*** Opening DATA TO USE ***

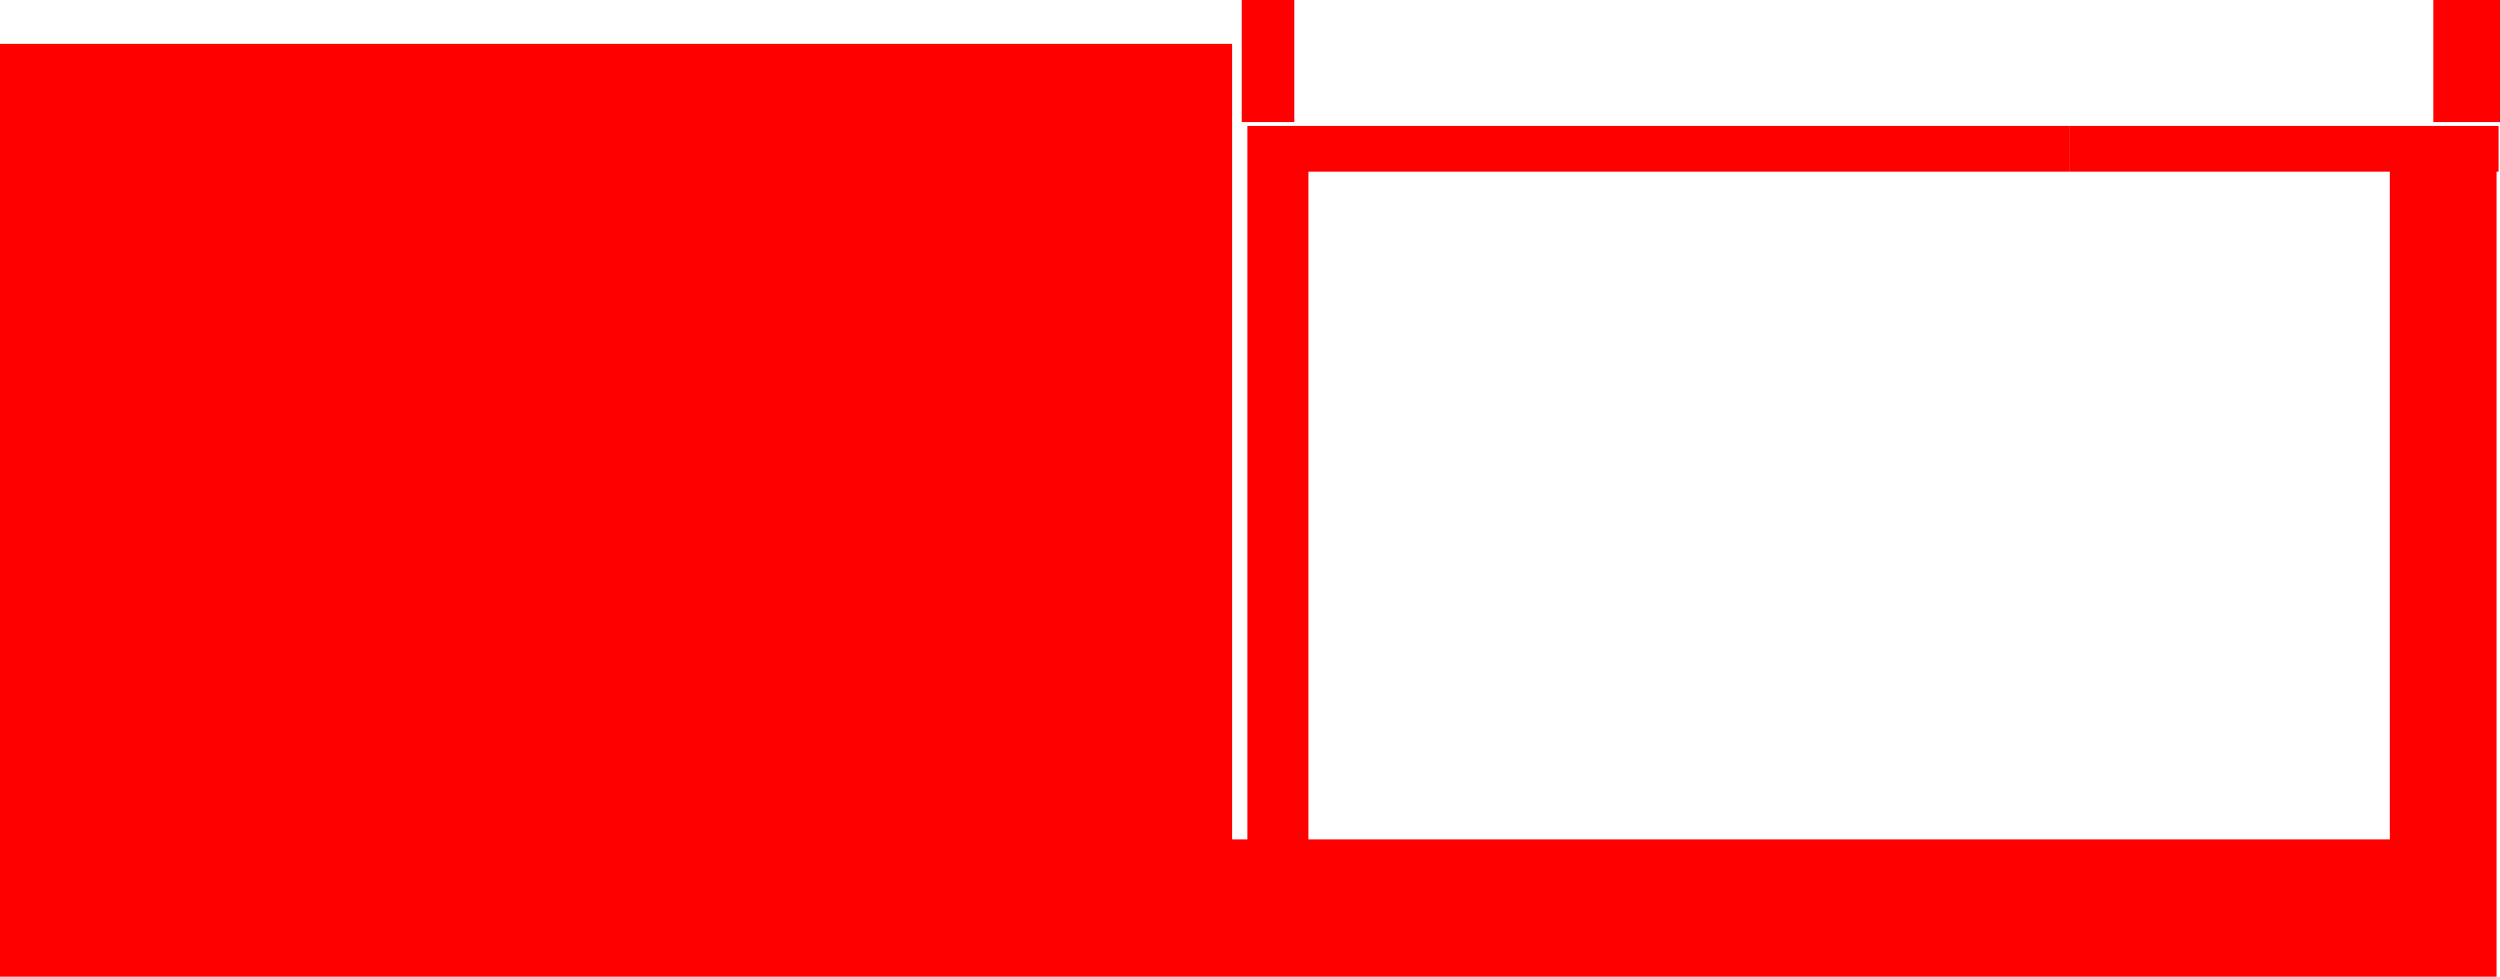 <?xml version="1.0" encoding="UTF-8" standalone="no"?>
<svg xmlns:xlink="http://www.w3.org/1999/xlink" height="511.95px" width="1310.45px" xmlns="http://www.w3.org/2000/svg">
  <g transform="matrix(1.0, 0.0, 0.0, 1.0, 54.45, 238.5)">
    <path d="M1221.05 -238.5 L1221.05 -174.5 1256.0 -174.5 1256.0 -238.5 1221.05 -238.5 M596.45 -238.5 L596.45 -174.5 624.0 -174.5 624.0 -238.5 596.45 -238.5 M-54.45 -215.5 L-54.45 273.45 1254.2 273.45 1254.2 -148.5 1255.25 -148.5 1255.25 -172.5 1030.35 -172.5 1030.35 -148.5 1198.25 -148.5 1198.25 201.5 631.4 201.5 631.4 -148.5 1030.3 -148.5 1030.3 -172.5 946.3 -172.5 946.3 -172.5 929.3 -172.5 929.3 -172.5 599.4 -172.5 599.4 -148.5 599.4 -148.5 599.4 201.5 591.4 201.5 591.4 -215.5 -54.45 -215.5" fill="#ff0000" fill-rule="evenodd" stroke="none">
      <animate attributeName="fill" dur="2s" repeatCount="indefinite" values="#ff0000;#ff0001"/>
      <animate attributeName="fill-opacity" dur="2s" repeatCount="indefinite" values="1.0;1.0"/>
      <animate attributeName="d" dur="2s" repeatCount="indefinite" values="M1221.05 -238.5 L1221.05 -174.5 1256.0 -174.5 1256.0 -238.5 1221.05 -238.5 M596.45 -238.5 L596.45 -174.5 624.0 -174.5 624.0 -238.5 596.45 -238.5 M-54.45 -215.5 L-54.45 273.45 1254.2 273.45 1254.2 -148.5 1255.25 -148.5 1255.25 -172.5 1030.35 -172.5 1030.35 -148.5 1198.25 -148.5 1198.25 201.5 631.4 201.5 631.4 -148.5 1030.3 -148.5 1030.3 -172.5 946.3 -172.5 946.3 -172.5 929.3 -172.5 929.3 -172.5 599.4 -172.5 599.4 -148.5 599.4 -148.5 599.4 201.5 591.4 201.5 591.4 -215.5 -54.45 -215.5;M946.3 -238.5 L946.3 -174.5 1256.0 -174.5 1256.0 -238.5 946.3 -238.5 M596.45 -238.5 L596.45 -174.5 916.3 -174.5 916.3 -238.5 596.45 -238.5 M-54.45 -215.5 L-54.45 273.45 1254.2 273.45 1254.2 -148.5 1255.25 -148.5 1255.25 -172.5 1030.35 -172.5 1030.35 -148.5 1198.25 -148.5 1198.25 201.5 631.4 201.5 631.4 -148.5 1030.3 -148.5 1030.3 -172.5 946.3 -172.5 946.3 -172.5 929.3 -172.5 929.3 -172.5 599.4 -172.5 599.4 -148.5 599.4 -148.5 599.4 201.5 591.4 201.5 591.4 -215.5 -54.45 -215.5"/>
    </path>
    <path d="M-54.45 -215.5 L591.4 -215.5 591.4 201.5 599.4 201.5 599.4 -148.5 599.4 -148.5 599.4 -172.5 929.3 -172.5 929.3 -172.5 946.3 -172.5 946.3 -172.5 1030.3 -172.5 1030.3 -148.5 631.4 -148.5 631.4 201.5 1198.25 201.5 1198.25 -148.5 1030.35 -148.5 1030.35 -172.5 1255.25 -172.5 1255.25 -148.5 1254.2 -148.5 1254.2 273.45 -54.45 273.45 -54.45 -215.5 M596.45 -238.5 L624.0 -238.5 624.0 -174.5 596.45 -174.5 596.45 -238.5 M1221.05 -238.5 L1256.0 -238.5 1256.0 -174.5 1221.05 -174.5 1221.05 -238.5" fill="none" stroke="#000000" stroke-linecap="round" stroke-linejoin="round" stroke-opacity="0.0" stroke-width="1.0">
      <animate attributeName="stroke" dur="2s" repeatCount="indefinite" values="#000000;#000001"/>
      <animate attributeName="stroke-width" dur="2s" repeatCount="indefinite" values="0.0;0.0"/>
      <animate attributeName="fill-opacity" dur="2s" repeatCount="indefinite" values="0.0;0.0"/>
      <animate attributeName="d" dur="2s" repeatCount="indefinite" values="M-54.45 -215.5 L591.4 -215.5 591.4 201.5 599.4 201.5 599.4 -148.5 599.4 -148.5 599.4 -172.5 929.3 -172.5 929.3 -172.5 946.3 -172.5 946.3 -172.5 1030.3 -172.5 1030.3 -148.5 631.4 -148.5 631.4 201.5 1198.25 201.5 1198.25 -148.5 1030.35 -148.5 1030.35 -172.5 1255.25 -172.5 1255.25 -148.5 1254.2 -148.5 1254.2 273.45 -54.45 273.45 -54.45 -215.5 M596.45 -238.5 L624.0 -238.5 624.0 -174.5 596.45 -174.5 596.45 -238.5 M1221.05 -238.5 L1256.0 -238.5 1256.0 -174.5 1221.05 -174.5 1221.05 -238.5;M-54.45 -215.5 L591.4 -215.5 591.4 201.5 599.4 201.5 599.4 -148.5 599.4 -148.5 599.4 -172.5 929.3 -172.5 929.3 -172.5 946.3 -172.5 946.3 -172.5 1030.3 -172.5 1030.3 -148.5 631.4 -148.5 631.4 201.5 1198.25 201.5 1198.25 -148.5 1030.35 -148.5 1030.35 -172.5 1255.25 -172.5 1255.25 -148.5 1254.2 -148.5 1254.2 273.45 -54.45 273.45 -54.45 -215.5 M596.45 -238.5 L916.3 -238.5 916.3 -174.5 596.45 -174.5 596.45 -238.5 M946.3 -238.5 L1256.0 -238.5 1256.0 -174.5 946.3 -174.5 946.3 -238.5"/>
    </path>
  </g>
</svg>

*** Closing DATA TO USE ***

ACTIVITY: Every line above that holds "width" should be tallied; answer with the total alone.

EXERCISE SOLUTION: 3